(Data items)
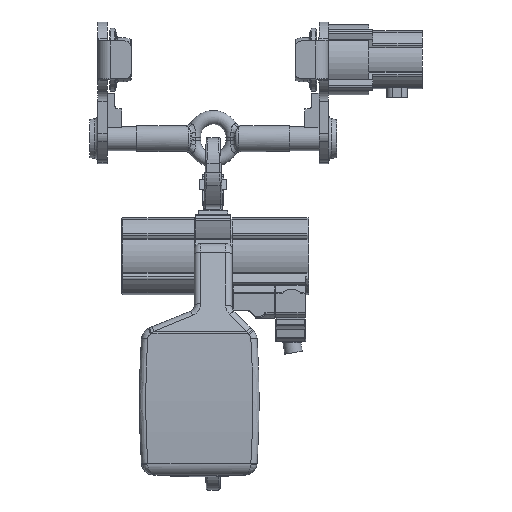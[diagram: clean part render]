
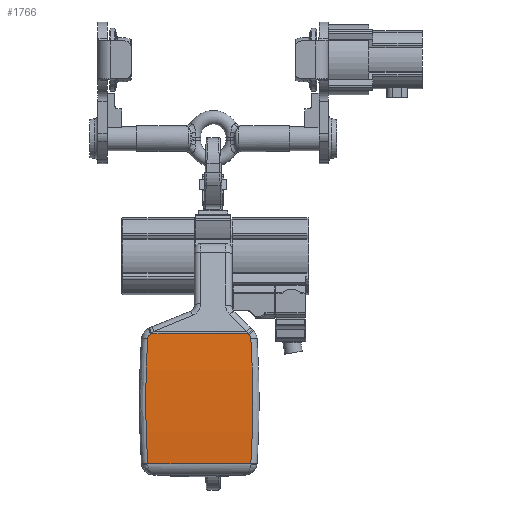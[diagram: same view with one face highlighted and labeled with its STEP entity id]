
A CAD part, left-side view. The second image highlights one B-rep face of the part: STEP entity #1766.
In plain terms, the highlighted cylindrical face has radius 1500 mm (diameter 3000 mm), a partial arc.
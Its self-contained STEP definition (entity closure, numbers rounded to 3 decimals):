
#1766=ADVANCED_FACE('',(#4421),#4422,.T.);
#4421=FACE_OUTER_BOUND('',#8799,.T.);
#4422=CYLINDRICAL_SURFACE('',#8800,1500.);
#8799=EDGE_LOOP('',(#24129,#24130,#24131,#24132,#24133,#24134,#24135,#24136,#24137));
#8800=AXIS2_PLACEMENT_3D('',#24138,#24139,#24140);
#24129=ORIENTED_EDGE('',*,*,#34323,.T.);
#24130=ORIENTED_EDGE('',*,*,#34324,.T.);
#24131=ORIENTED_EDGE('',*,*,#34325,.F.);
#24132=ORIENTED_EDGE('',*,*,#34326,.T.);
#24133=ORIENTED_EDGE('',*,*,#34327,.T.);
#24134=ORIENTED_EDGE('',*,*,#34328,.T.);
#24135=ORIENTED_EDGE('',*,*,#34329,.T.);
#24136=ORIENTED_EDGE('',*,*,#34330,.T.);
#24137=ORIENTED_EDGE('',*,*,#34331,.T.);
#24138=CARTESIAN_POINT('',(1439.,-73.,-230.));
#24139=DIRECTION('',(0.,1.,0.));
#24140=DIRECTION('',(0.,0.,1.));
#34323=EDGE_CURVE('',#38675,#38676,#38677,.T.);
#34324=EDGE_CURVE('',#38676,#38678,#38679,.T.);
#34325=EDGE_CURVE('',#38680,#38678,#38681,.T.);
#34326=EDGE_CURVE('',#38680,#38682,#38683,.T.);
#34327=EDGE_CURVE('',#38682,#38684,#38685,.F.);
#34328=EDGE_CURVE('',#38684,#38686,#38687,.T.);
#34329=EDGE_CURVE('',#38686,#38688,#38689,.T.);
#34330=EDGE_CURVE('',#38688,#38690,#38691,.T.);
#34331=EDGE_CURVE('',#38690,#38675,#38692,.T.);
#38675=VERTEX_POINT('',#45262);
#38676=VERTEX_POINT('',#45263);
#38677=ELLIPSE('',#45264,2114.261,1500.);
#38678=VERTEX_POINT('',#45265);
#38679=B_SPLINE_CURVE_WITH_KNOTS('',3,(#45266,#45267,#45268,#45269),.UNSPECIFIED.,.F.,.F.,(4,4),(0.,0.001),.UNSPECIFIED.);
#38680=VERTEX_POINT('',#45270);
#38681=LINE('',#45271,#45272);
#38682=VERTEX_POINT('',#45273);
#38683=B_SPLINE_CURVE_WITH_KNOTS('',3,(#45274,#45275,#45276,#45277),.UNSPECIFIED.,.F.,.F.,(4,4),(0.,0.001),.UNSPECIFIED.);
#38684=VERTEX_POINT('',#45278);
#38685=ELLIPSE('',#45279,2114.261,1500.);
#38686=VERTEX_POINT('',#45280);
#38687=B_SPLINE_CURVE_WITH_KNOTS('',3,(#45281,#45282,#45283,#45284,#45285,#45286,#45287,#45288,#45289,#45290,#45291,#45292,#45293,#45294,#45295,#45296,#45297,#45298,#45299,#45300,#45301,#45302,#45303,#45304,#45305,#45306),.UNSPECIFIED.,.F.,.F.,(4,1,1,1,1,1,1,2,2,1,1,1,1,1,1,2,2,2,4),(0.,0.,0.001,0.001,0.002,0.002,0.003,0.003,0.003,0.004,0.004,0.005,0.005,0.005,0.006,0.006,0.007,0.007,0.007),.UNSPECIFIED.);
#38688=VERTEX_POINT('',#45307);
#38689=ELLIPSE('',#45308,2128.269,1500.);
#38690=VERTEX_POINT('',#45309);
#38691=LINE('',#45310,#45311);
#38692=B_SPLINE_CURVE_WITH_KNOTS('',3,(#45312,#45313,#45314,#45315,#45316,#45317,#45318,#45319,#45320,#45321,#45322,#45323,#45324,#45325,#45326,#45327,#45328,#45329,#45330,#45331,#45332,#45333,#45334,#45335,#45336,#45337,#45338,#45339,#45340,#45341,#45342,#45343),.UNSPECIFIED.,.F.,.F.,(4,1,1,1,1,2,1,2,2,2,1,1,1,2,1,2,2,1,1,1,1,1,4),(0.,0.001,0.001,0.002,0.002,0.003,0.003,0.003,0.003,0.004,0.004,0.005,0.006,0.006,0.007,0.007,0.007,0.007,0.007,0.008,0.009,0.009,0.01),.UNSPECIFIED.);
#45262=CARTESIAN_POINT('',(-57.75,103.772,-131.317));
#45263=CARTESIAN_POINT('',(-57.75,103.772,-328.682));
#45264=AXIS2_PLACEMENT_3D('',#56412,#56413,#56414);
#45265=CARTESIAN_POINT('',(-57.693,103.678,-329.546));
#45266=CARTESIAN_POINT('',(-57.75,103.772,-328.682));
#45267=CARTESIAN_POINT('',(-57.731,103.753,-328.972));
#45268=CARTESIAN_POINT('',(-57.712,103.722,-329.26));
#45269=CARTESIAN_POINT('',(-57.693,103.678,-329.546));
#45270=CARTESIAN_POINT('',(-57.693,-59.678,-329.546));
#45271=CARTESIAN_POINT('',(-57.693,-73.,-329.546));
#45272=VECTOR('',#56415,1.);
#45273=CARTESIAN_POINT('',(-57.75,-59.772,-328.682));
#45274=CARTESIAN_POINT('',(-57.693,-59.678,-329.546));
#45275=CARTESIAN_POINT('',(-57.712,-59.722,-329.26));
#45276=CARTESIAN_POINT('',(-57.731,-59.753,-328.972));
#45277=CARTESIAN_POINT('',(-57.75,-59.772,-328.682));
#45278=CARTESIAN_POINT('',(-57.75,-59.772,-131.318));
#45279=AXIS2_PLACEMENT_3D('',#56416,#56417,#56418);
#45280=CARTESIAN_POINT('',(-57.307,-56.818,-124.814));
#45281=CARTESIAN_POINT('',(-57.75,-59.772,-131.318));
#45282=CARTESIAN_POINT('',(-57.74,-59.762,-131.164));
#45283=CARTESIAN_POINT('',(-57.72,-59.735,-130.86));
#45284=CARTESIAN_POINT('',(-57.69,-59.675,-130.408));
#45285=CARTESIAN_POINT('',(-57.66,-59.594,-129.961));
#45286=CARTESIAN_POINT('',(-57.631,-59.494,-129.518));
#45287=CARTESIAN_POINT('',(-57.601,-59.374,-129.08));
#45288=CARTESIAN_POINT('',(-57.572,-59.234,-128.647));
#45289=CARTESIAN_POINT('',(-57.553,-59.127,-128.362));
#45290=CARTESIAN_POINT('',(-57.538,-59.042,-128.149));
#45291=CARTESIAN_POINT('',(-57.533,-59.012,-128.078));
#45292=CARTESIAN_POINT('',(-57.524,-58.952,-127.937));
#45293=CARTESIAN_POINT('',(-57.509,-58.86,-127.726));
#45294=CARTESIAN_POINT('',(-57.486,-58.694,-127.383));
#45295=CARTESIAN_POINT('',(-57.458,-58.478,-126.982));
#45296=CARTESIAN_POINT('',(-57.431,-58.245,-126.593));
#45297=CARTESIAN_POINT('',(-57.405,-57.995,-126.214));
#45298=CARTESIAN_POINT('',(-57.38,-57.728,-125.846));
#45299=CARTESIAN_POINT('',(-57.363,-57.538,-125.609));
#45300=CARTESIAN_POINT('',(-57.351,-57.391,-125.433));
#45301=CARTESIAN_POINT('',(-57.347,-57.341,-125.375));
#45302=CARTESIAN_POINT('',(-57.339,-57.24,-125.26));
#45303=CARTESIAN_POINT('',(-57.335,-57.189,-125.203));
#45304=CARTESIAN_POINT('',(-57.323,-57.033,-125.033));
#45305=CARTESIAN_POINT('',(-57.315,-56.927,-124.923));
#45306=CARTESIAN_POINT('',(-57.307,-56.818,-124.814));
#45307=CARTESIAN_POINT('',(-57.193,-55.192,-123.199));
#45308=AXIS2_PLACEMENT_3D('',#56419,#56420,#56421);
#45309=CARTESIAN_POINT('',(-57.193,98.685,-123.199));
#45310=CARTESIAN_POINT('',(-57.193,-73.,-123.199));
#45311=VECTOR('',#56422,1.);
#45312=CARTESIAN_POINT('',(-57.193,98.685,-123.199));
#45313=CARTESIAN_POINT('',(-57.2,98.868,-123.303));
#45314=CARTESIAN_POINT('',(-57.216,99.226,-123.52));
#45315=CARTESIAN_POINT('',(-57.241,99.737,-123.876));
#45316=CARTESIAN_POINT('',(-57.269,100.224,-124.262));
#45317=CARTESIAN_POINT('',(-57.298,100.687,-124.677));
#45318=CARTESIAN_POINT('',(-57.319,100.978,-124.974));
#45319=CARTESIAN_POINT('',(-57.332,101.156,-125.167));
#45320=CARTESIAN_POINT('',(-57.336,101.208,-125.225));
#45321=CARTESIAN_POINT('',(-57.34,101.261,-125.283));
#45322=CARTESIAN_POINT('',(-57.343,101.295,-125.323));
#45323=CARTESIAN_POINT('',(-57.344,101.313,-125.343));
#45324=CARTESIAN_POINT('',(-57.351,101.398,-125.442));
#45325=CARTESIAN_POINT('',(-57.357,101.466,-125.522));
#45326=CARTESIAN_POINT('',(-57.374,101.663,-125.765));
#45327=CARTESIAN_POINT('',(-57.397,101.916,-126.096));
#45328=CARTESIAN_POINT('',(-57.433,102.261,-126.612));
#45329=CARTESIAN_POINT('',(-57.47,102.574,-127.148));
#45330=CARTESIAN_POINT('',(-57.495,102.761,-127.519));
#45331=CARTESIAN_POINT('',(-57.515,102.893,-127.803));
#45332=CARTESIAN_POINT('',(-57.524,102.957,-127.945));
#45333=CARTESIAN_POINT('',(-57.534,103.017,-128.09));
#45334=CARTESIAN_POINT('',(-57.539,103.047,-128.163));
#45335=CARTESIAN_POINT('',(-57.541,103.057,-128.187));
#45336=CARTESIAN_POINT('',(-57.544,103.077,-128.236));
#45337=CARTESIAN_POINT('',(-57.559,103.163,-128.455));
#45338=CARTESIAN_POINT('',(-57.587,103.312,-128.873));
#45339=CARTESIAN_POINT('',(-57.628,103.485,-129.471));
#45340=CARTESIAN_POINT('',(-57.668,103.62,-130.077));
#45341=CARTESIAN_POINT('',(-57.709,103.718,-130.692));
#45342=CARTESIAN_POINT('',(-57.737,103.758,-131.108));
#45343=CARTESIAN_POINT('',(-57.75,103.772,-131.317));
#56412=CARTESIAN_POINT('',(1439.,-1383.,-230.));
#56413=DIRECTION('',(-0.705,-0.709,0.));
#56414=DIRECTION('',(-0.709,0.705,0.));
#56415=DIRECTION('',(0.,1.,0.));
#56416=CARTESIAN_POINT('',(1439.,1427.,-230.));
#56417=DIRECTION('',(0.705,-0.709,0.));
#56418=DIRECTION('',(0.709,0.705,0.));
#56419=CARTESIAN_POINT('',(1439.,-162.691,-230.));
#56420=DIRECTION('',(0.,0.705,-0.709));
#56421=DIRECTION('',(0.,0.709,0.705));
#56422=DIRECTION('',(0.,1.,0.));

EXERCISE OBJECTIVE =
Using the data above, extract exactly the lines from the one that holds "#45299=CARTESIAN_POINT('',(-57.363,-57.538,-125.609));" to the one that holds "#45319=CARTESIAN_POINT('',(-57.332,101.156,-125.167));", both ends included, and no others.

ANSWER BOX =
#45299=CARTESIAN_POINT('',(-57.363,-57.538,-125.609));
#45300=CARTESIAN_POINT('',(-57.351,-57.391,-125.433));
#45301=CARTESIAN_POINT('',(-57.347,-57.341,-125.375));
#45302=CARTESIAN_POINT('',(-57.339,-57.24,-125.26));
#45303=CARTESIAN_POINT('',(-57.335,-57.189,-125.203));
#45304=CARTESIAN_POINT('',(-57.323,-57.033,-125.033));
#45305=CARTESIAN_POINT('',(-57.315,-56.927,-124.923));
#45306=CARTESIAN_POINT('',(-57.307,-56.818,-124.814));
#45307=CARTESIAN_POINT('',(-57.193,-55.192,-123.199));
#45308=AXIS2_PLACEMENT_3D('',#56419,#56420,#56421);
#45309=CARTESIAN_POINT('',(-57.193,98.685,-123.199));
#45310=CARTESIAN_POINT('',(-57.193,-73.,-123.199));
#45311=VECTOR('',#56422,1.);
#45312=CARTESIAN_POINT('',(-57.193,98.685,-123.199));
#45313=CARTESIAN_POINT('',(-57.2,98.868,-123.303));
#45314=CARTESIAN_POINT('',(-57.216,99.226,-123.52));
#45315=CARTESIAN_POINT('',(-57.241,99.737,-123.876));
#45316=CARTESIAN_POINT('',(-57.269,100.224,-124.262));
#45317=CARTESIAN_POINT('',(-57.298,100.687,-124.677));
#45318=CARTESIAN_POINT('',(-57.319,100.978,-124.974));
#45319=CARTESIAN_POINT('',(-57.332,101.156,-125.167));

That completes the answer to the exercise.